小さい傷から細菌感染を来した状態です。抗生剤の投与や安静で軽快することもありますが、感染が深部組織(筋肉、腱、骨など)まで及んでしまうと外科的に感染した組織を切除する手術が必要になります。これは深部の組織には十分な血行がないため抗生剤が効きにくいといった点から虫歯の治療のように悪くなった部分を切除する必要があるからです。特に骨に炎症が及ぶ骨髄炎になると治療に苦渋し、足の切断に至ることがあります。糖尿病がある方は足の感覚が鈍くなっており、既に足の裏に大きな傷ができていることもあります。そこから細菌が侵入し、気が付かないうちに蜂窩織炎などの皮膚感染症を起こしていることが多くあります。

 

 

 

 

 

 

 

 

 

左第Ⅱ趾より感染(白癬あり)を認めた。複数回デブリードマン(感染した組織の除去)を行うも最終的には切断に至った症例

 

 

 

MRI(T2 STIR)にて骨髄炎の診断が行え、非常に有用である。写真は中足骨が骨髄炎になっている状態を示し、上の写真のように最終的にはリスフラン関節での切断に至った。

 

 

 

 

TypeⅣ:血行障害+感染

感染と血行障害を合併した状態で一番治療に苦渋します。感染が先行して末梢の弱った血管が潰れてしまい血行障害を起こすといった病態です。TypeⅡと同様に血行再建を必要としますが、血行が改善することで残存した細菌感染が一気に悪化することがあります。そのため血行再建を行ってから適切なタイミングで感染組織を切除する手術が必要となります。複合的な治療を要するため総合病院など規模の大きな総合病院での対応が必要になります。また、足に白癬(水虫)があると感染のリスクが高くなるため、糖尿病がある場合には積極的に白癬の治療を行うことをお勧めします。

 

 

 

 

 

 

 

 

 

左第4足趾の血行不良に伴う壊死と広範囲の感染を合併した症例

糖尿病による足の病気は予防が重要です。

糖尿病の足病変は独立した疾患ではなく、糖尿病によって引き起こされる3大合併症が大きく関連しております。

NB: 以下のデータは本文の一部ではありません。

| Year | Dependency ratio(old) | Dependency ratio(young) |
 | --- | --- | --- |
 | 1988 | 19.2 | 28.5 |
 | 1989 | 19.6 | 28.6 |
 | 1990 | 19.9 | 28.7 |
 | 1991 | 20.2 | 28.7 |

神経障害が起こると足の知覚が鈍くなり、痛みなども感じにくくなります。そのため足に傷ができても気が付かず放置されて知らない間に感染も合併するという事態が発生します。

糖尿病による網膜症の影響で視力低下が起こり、自分の足の状態が観察しにくくなることも原因です。

糖尿病性腎症になり透析になると末梢の血管もますます脆くなり、血行障害を起こす可能性が高くなります。

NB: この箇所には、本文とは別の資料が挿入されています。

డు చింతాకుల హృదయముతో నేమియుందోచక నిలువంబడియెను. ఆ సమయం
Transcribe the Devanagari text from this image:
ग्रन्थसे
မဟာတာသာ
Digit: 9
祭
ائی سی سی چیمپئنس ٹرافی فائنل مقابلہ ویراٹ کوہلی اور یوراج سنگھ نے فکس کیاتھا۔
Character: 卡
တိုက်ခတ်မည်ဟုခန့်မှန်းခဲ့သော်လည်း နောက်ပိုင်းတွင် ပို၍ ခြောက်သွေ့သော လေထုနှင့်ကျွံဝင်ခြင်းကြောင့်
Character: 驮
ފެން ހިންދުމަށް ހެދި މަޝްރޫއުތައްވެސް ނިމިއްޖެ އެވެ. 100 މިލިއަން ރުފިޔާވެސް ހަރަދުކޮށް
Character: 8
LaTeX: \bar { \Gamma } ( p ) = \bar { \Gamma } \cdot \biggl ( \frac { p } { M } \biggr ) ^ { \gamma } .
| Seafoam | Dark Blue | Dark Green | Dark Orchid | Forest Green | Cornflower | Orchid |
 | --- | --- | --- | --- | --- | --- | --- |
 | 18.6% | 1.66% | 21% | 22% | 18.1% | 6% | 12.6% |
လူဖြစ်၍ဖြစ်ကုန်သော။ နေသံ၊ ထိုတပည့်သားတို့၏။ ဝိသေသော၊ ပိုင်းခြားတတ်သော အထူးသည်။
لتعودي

特にHbA1cが8%以上で足病変のリスクが高くなるといわれており、該当する方は定期的な足の観察を行うことをすすめております。

足病変はまず予防が重要です。当院では糖尿病内科医と形成外科医が連携することで足の健康を守ることを目的にしております。

外来では定期的な足の診察やフットケアを行い、早期から足の健康を理解して頂くことで足病変の予防を目的にしております。

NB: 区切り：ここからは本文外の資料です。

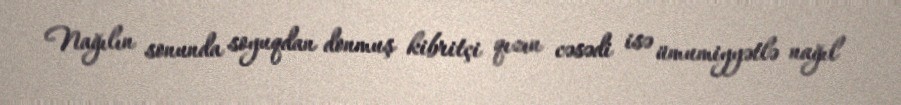
Nağılın sonunda soyuqdan donmuş kibritçi qızın cəsədi isə ümumiyyətlə nağıl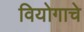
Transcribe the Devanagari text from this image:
वियोगाचे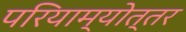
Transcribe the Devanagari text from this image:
परियाम्योत्तर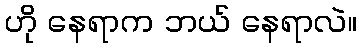
ဟို နေရာက ဘယ် နေရာလဲ။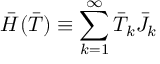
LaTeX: \bar { H } ( \bar { T } ) \equiv \sum _ { k = 1 } ^ { \infty } \bar { T } _ { k } \bar { J } _ { k }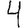
Digit: 4

また足に合っていない靴を着用されている方が非常に多く、胼胝(タコ)や鶏眼(魚の目)が出来ている方を非常に多くお見掛け致します。

タコや魚の目をご自身で削ることで小さな傷ができ、そこから細菌感染を起こしているようなケースも見かけるため注意が必要です。

当院では装具技師と連携し、ご自身にあったインソールや靴を作成することでタコや魚の目、傷が出来にくいようにすることで足の健康寿命を伸ばすことを目的としております。